◆ **Data for this task**
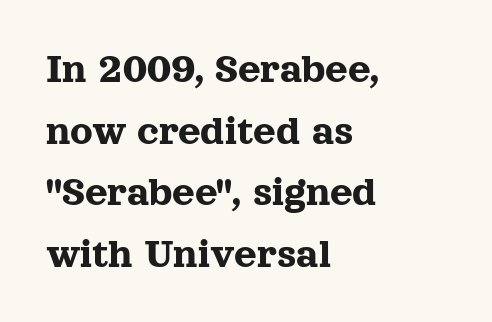
Q: Is the text italic (slanted)? A: No, it is upright.
Q: Is the typeface a serif or a sans-serif typeface? A: Serif.
Q: Is the text underlined? A: No.
Q: How is the paragraph aligned? A: Left-aligned.
Q: Is the spacing between letters normal or unusually wide? A: Normal.
Q: Is the spacing between lines tight, normal or loose? A: Normal.
Q: Width (condensed, normal, or wide)? A: Normal.
Q: x-height? A: Medium.
Q: Monospaced? A: No.

◆ **Work instructions**
All lines from the one with "Q: Is the typeface" through the end of the material above are to be printed exactly, and only those.

◆ **Solution for this task**
Q: Is the typeface a serif or a sans-serif typeface? A: Serif.
Q: Is the text underlined? A: No.
Q: How is the paragraph aligned? A: Left-aligned.
Q: Is the spacing between letters normal or unusually wide? A: Normal.
Q: Is the spacing between lines tight, normal or loose? A: Normal.
Q: Width (condensed, normal, or wide)? A: Normal.
Q: x-height? A: Medium.
Q: Monospaced? A: No.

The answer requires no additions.